◆ TASK DESCRIPTION: Since pictures are not wanted in the copy, output only the rest of each record exactly.

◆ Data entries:
----------------------------------------
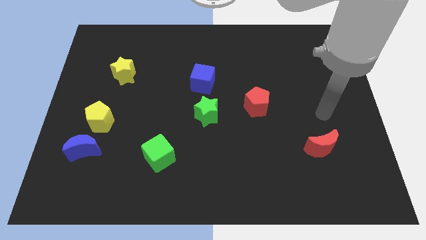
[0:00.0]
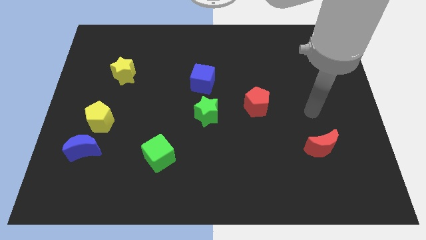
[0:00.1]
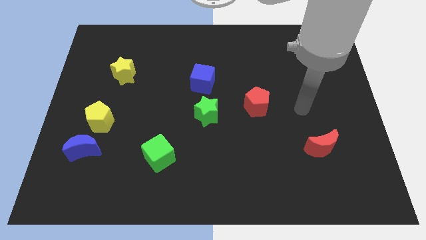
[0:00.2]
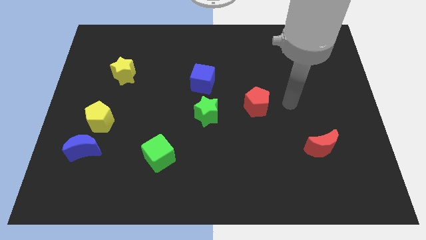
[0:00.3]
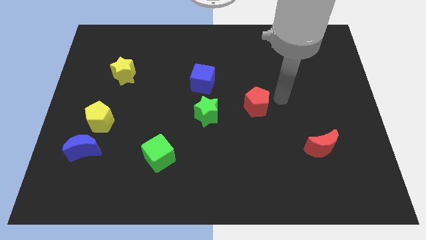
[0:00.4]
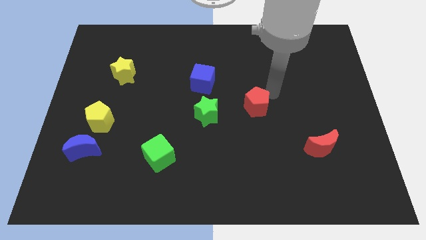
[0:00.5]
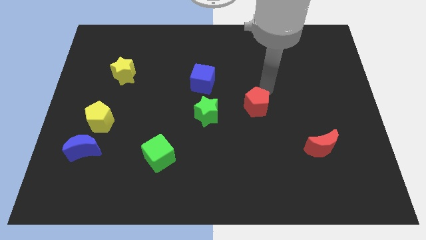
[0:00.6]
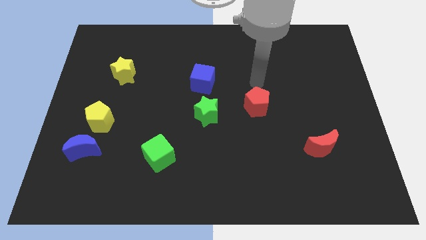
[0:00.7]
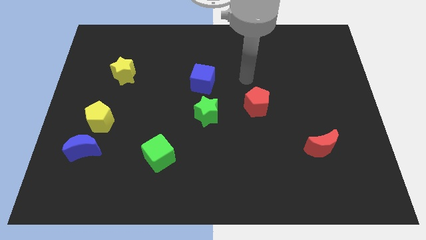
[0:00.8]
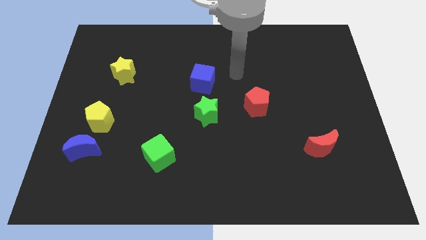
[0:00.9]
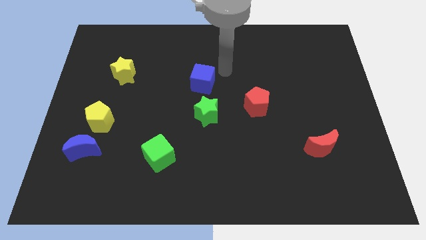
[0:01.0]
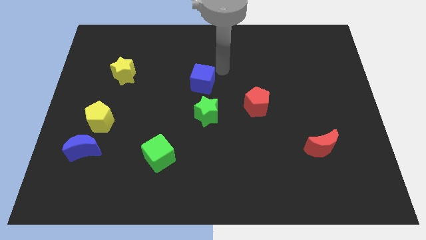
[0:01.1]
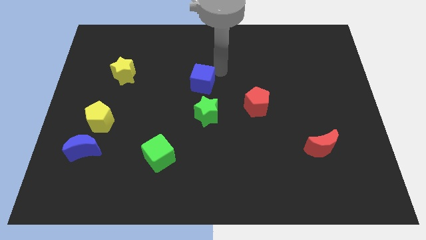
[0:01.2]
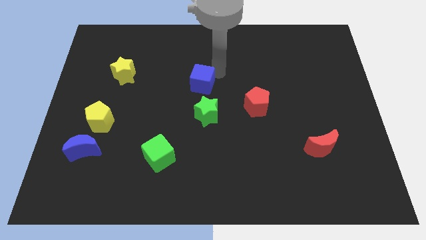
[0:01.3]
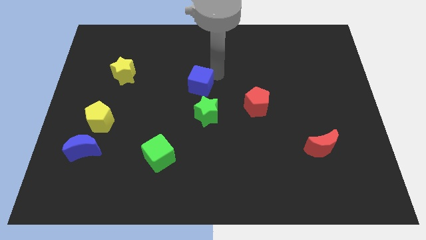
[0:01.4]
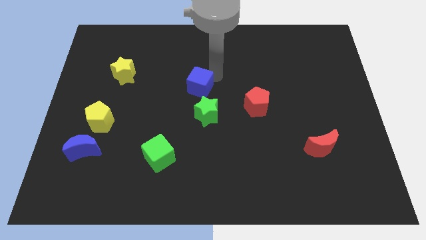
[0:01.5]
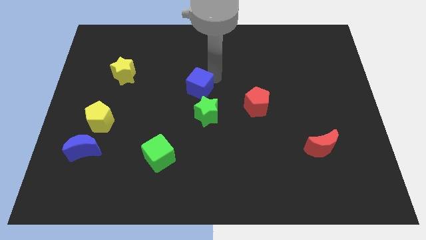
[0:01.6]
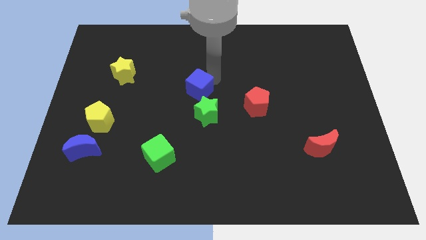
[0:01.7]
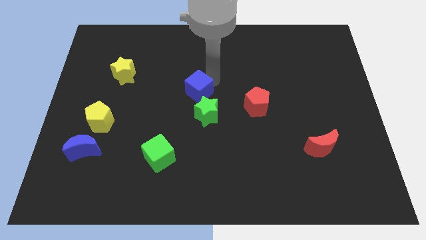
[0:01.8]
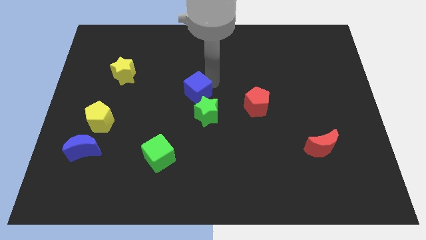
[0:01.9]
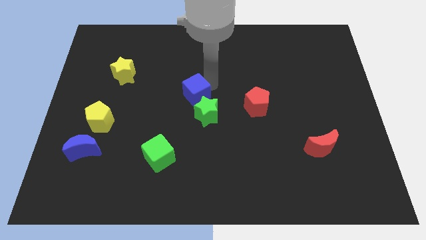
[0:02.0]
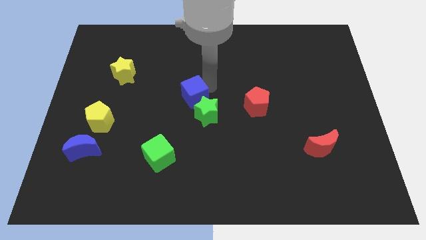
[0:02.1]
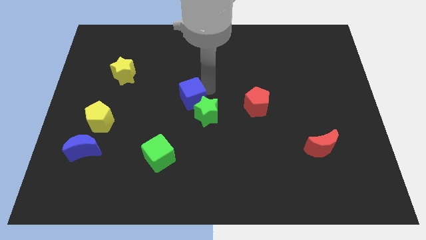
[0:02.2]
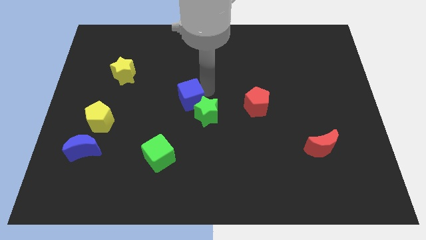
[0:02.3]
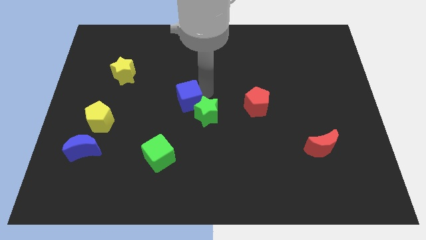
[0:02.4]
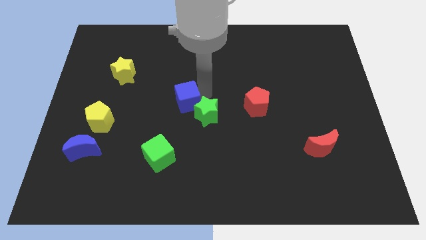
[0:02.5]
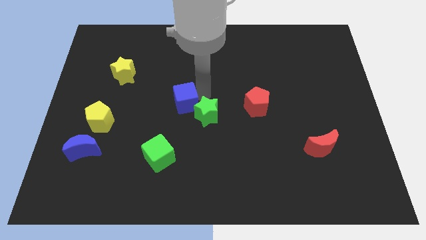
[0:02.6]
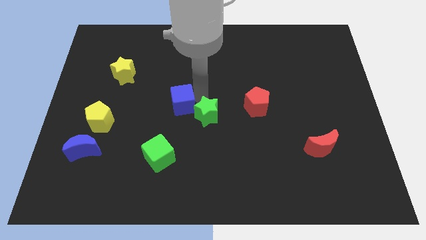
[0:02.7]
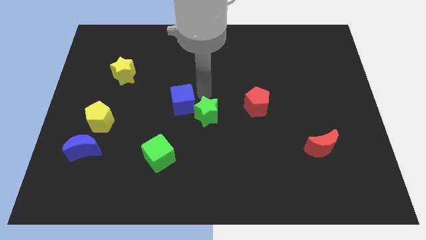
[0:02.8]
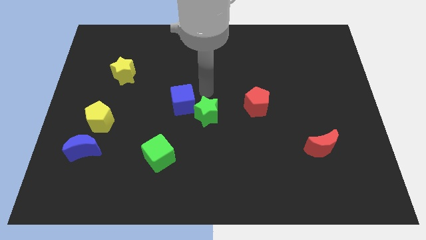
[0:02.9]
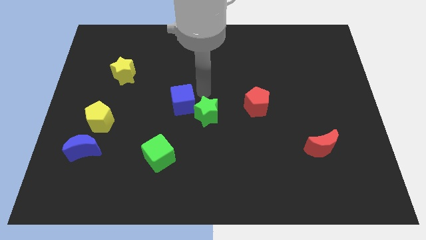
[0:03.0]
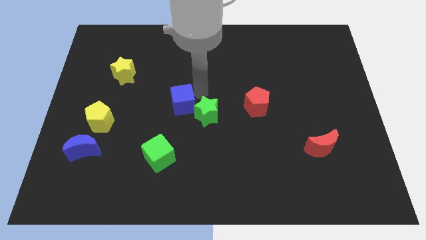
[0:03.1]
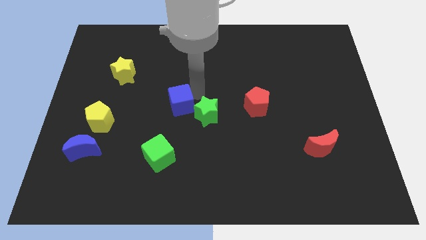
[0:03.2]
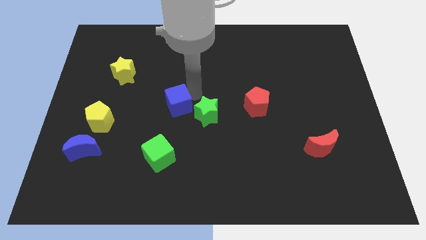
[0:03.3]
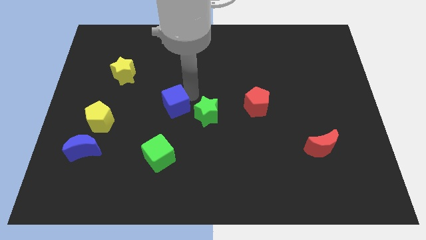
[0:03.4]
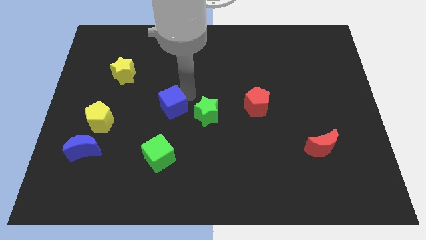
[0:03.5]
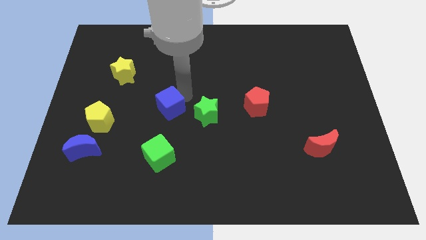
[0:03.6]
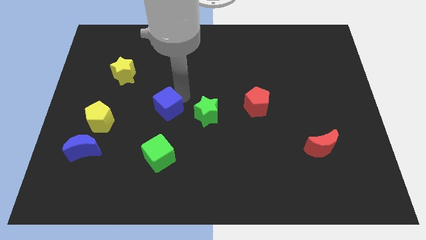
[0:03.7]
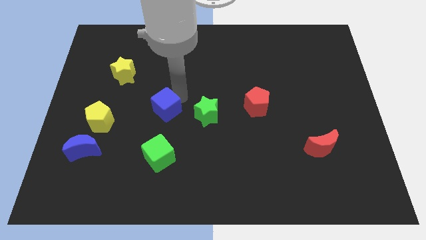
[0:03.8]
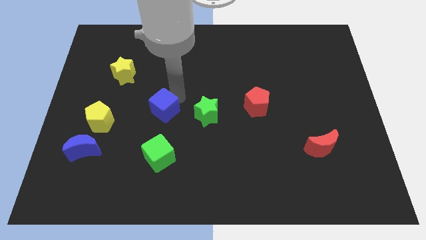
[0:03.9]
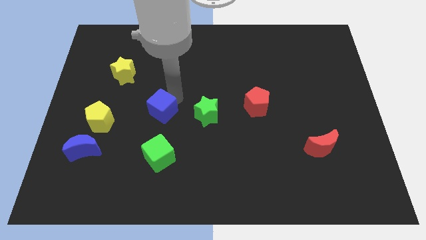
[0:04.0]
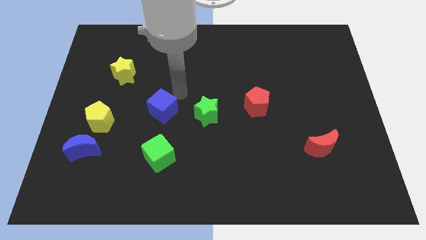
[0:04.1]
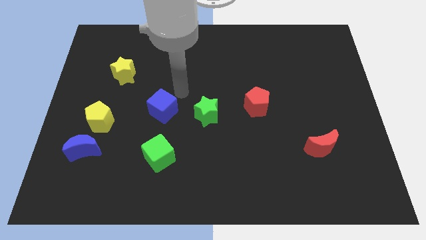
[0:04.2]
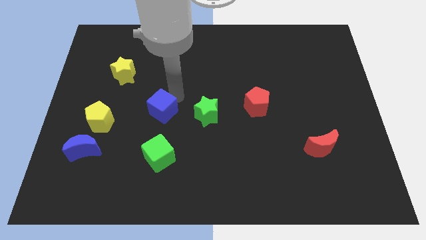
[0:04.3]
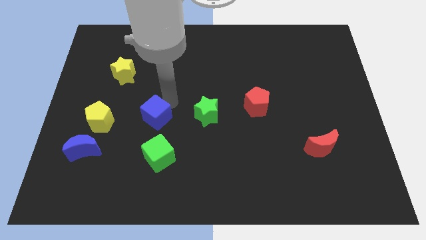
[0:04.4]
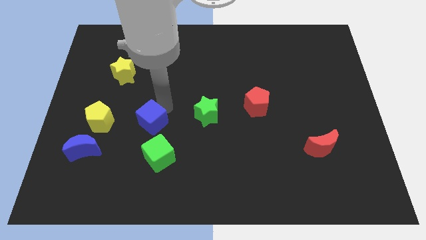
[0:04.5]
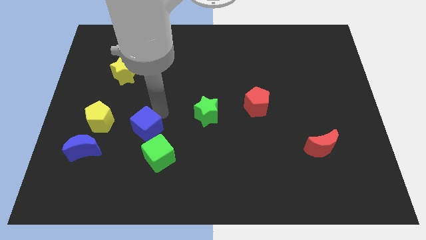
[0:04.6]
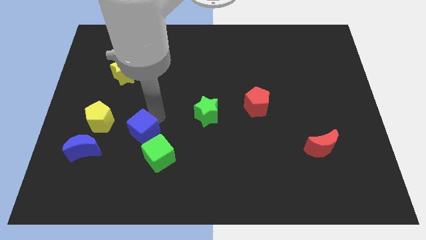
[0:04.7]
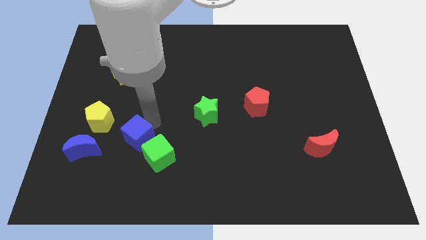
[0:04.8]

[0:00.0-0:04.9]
push the blue cube diagonally downwards and left
----------------------------------------
◆ REPLY TO THE TASK:
[0:00.0]
[0:00.1]
[0:00.2]
[0:00.3]
[0:00.4]
[0:00.5]
[0:00.6]
[0:00.7]
[0:00.8]
[0:00.9]
[0:01.0]
[0:01.1]
[0:01.2]
[0:01.3]
[0:01.4]
[0:01.5]
[0:01.6]
[0:01.7]
[0:01.8]
[0:01.9]
[0:02.0]
[0:02.1]
[0:02.2]
[0:02.3]
[0:02.4]
[0:02.5]
[0:02.6]
[0:02.7]
[0:02.8]
[0:02.9]
[0:03.0]
[0:03.1]
[0:03.2]
[0:03.3]
[0:03.4]
[0:03.5]
[0:03.6]
[0:03.7]
[0:03.8]
[0:03.9]
[0:04.0]
[0:04.1]
[0:04.2]
[0:04.3]
[0:04.4]
[0:04.5]
[0:04.6]
[0:04.7]
[0:04.8]

[0:00.0-0:04.9]
push the blue cube diagonally downwards and left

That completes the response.